Kein Staat denkt daran, Souveränität abzugeben#
Für Krastev hat die Corona-Krise das Ende des Nationalstaats eingeläutet (viele andere behaupten dies ja schon länger). Hier wird eine kleinstaatliche oder europazentrierte Sicht auf die Welt übertragen. Die USA, Japan, China, Indien oder Brasilien denken nicht daran, ihre Souveränität aufzugeben; dies gilt selbst für Nicht-Großmächte. Selbst im kleinen Österreich ist der Nationalstaat nicht am Ende. Gerade die Corona-Krise hat die Beliebtheitswerte des Kanzlers in ungeahnte Höhen gebracht. Man muss der Regierung zugestehen, dass sie die Krisenbewältigung bis jetzt gut gemanagt hat. Ähnliches gilt für andere Regierungschefs in Europa, die nicht auf Maßnahmen der EU gewartet, sondern ihr Land strikt abgeschottet haben. Gerade die Corona-Krise hat die Bedeutung der Nationalstaaten, ja sogar der Regionen, neu aufgezeigt. Dort, wo man die Probleme nicht erkannte und keine strikten Maßnahmen traf (wie in der Lombardei oder in Tirol), breitete sich die Pandemie verheerend aus; wo es entsprechende Maßnahmen gab, konnte sie einigermaßen unter Kontrolle gehalten werden.
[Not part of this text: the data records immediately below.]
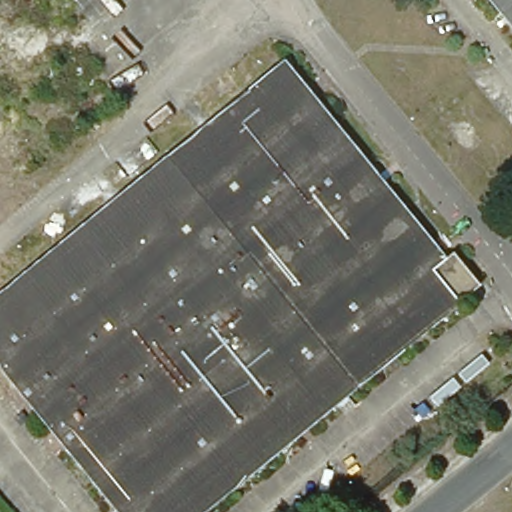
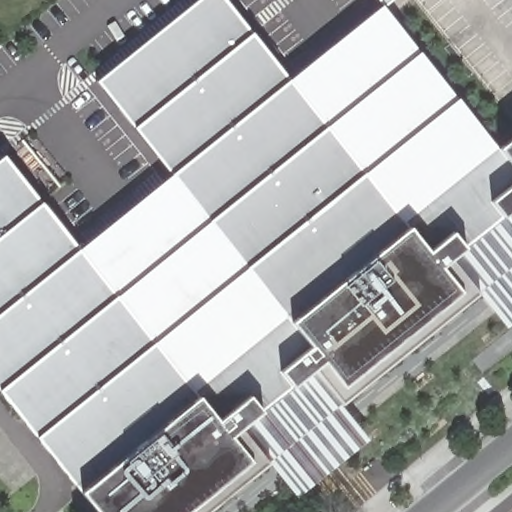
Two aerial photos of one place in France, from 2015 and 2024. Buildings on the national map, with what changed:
new [(96,81),(197,0),(226,0),(285,76),(377,2),(384,8),(501,152),(409,227),(291,322),(169,171),(127,119),(96,81)]
new [(376,0),(394,0),(384,8),(377,2),(376,0)]
new [(512,121),(474,74),(469,78),(444,48),(450,44),(415,0),(512,0),(512,121)]
demolished [(512,30),(487,0),(512,0),(512,30)]
demolished [(444,259),(452,252),(478,284),(458,301),(460,303),(202,512),(118,512),(0,366),(0,294),(284,63),(444,259)]
new [(512,141),(512,166),(501,152),(512,141)]
new [(512,166),(512,186),(490,203),(502,218),(512,210),(512,329),(511,330),(482,295),(453,258),(473,242),(461,227),(429,252),(409,227),(501,152),(512,166)]
new [(4,155),(77,247),(169,171),(291,322),(199,396),(80,492),(0,392),(0,159),(4,155)]
new [(512,210),(502,218),(490,203),(512,186),(512,210)]
new [(311,347),(291,322),(409,227),(429,252),(461,227),(473,242),(453,258),(441,267),(461,292),(343,387),(323,362),(312,372),(292,388),(280,373),(311,347)]
new [(323,362),(343,387),(461,292),(441,267),(453,258),(482,295),(342,408),(312,372),(323,362)]
new [(291,322),(311,347),(280,373),(292,388),(312,372),(342,408),(370,443),(301,500),(272,464),(243,427),(263,411),(251,396),(219,422),(199,396),(291,322)]
new [(219,422),(251,396),(263,411),(243,427),(231,437),(251,462),(189,512),(97,512),(80,492),(199,396),(219,422)]
new [(231,437),(243,427),(272,464),(214,512),(189,512),(251,462),(231,437)]

Muss man von einem Versagen der EU in der Krise sprechen? Meiner Meinung nach nur dann, wenn man ihr Aufgaben zuschreibt, für die sie nicht geschaffen wurde und die sie auch nicht bewältigen kann. Die EU als Rechtsgemeinschaft hat bedeutende Leistungen vorzuweisen, als Möchtegern-Staat hat sie meist versagt (wie in der Agrarpolitik). Es sind auch nicht völlig neue Bruchlinien in der EU sichtbar, wie Krastev behauptet. Jene zwischen Nord und Süd war immer schon zentral und ist es heute wieder. Eine Vergemeinschaftung von Schulden in der EU wird nur von den wenigsten gewünscht. Eine tendenziell neoliberale EU-Politik wird allerdings Probleme verschärfen, für die sie bereits in der Corona-Krise teilweise ursächlich war (etwa der Druck auf die rigiden Sparmaßnahmen im italienischen Gesundheitssystem).
Neue Überlegungen zu Konsum und Klimaschutz#
Die Corona-Krise sollte ohne Zweifel zu neuen Überlegungen im Hinblick auf eine ungehemmte Globalisierung Anlass geben. Hier sind Staaten ebenso in der Pflicht wie wir alle als Konsumenten. Unbegreiflich erscheint etwa, warum die Grünen in der Regierung die Besteuerung des Flugbenzins nicht einmal thematisieren. Der Einwand, dies sei sowieso unrealistisch, sticht wie immer überhaupt nicht; würden sie sich Bündnispartner in anderen Ländern suchen, könnte es schon ganz anders aussehen; die EU insgesamt könnte alle Fluglinien zwingen, auf europäischen Flughäfen immer auch trotz höherer Benzinpreise zu tanken. Aber auch wir alle als Konsumenten sind gefragt. Weniger Importe von Billigstprodukten aus Asien würden viele Waren etwas verteuern; wie man weiß, werden aber unglaubliche Anteile neu gekaufter Produkte (etwa Kleider) heute überhaupt nie verwendet. Und auch das Angebot an Billigsturlaubsflügen in fernste Länder könnte schrumpfen.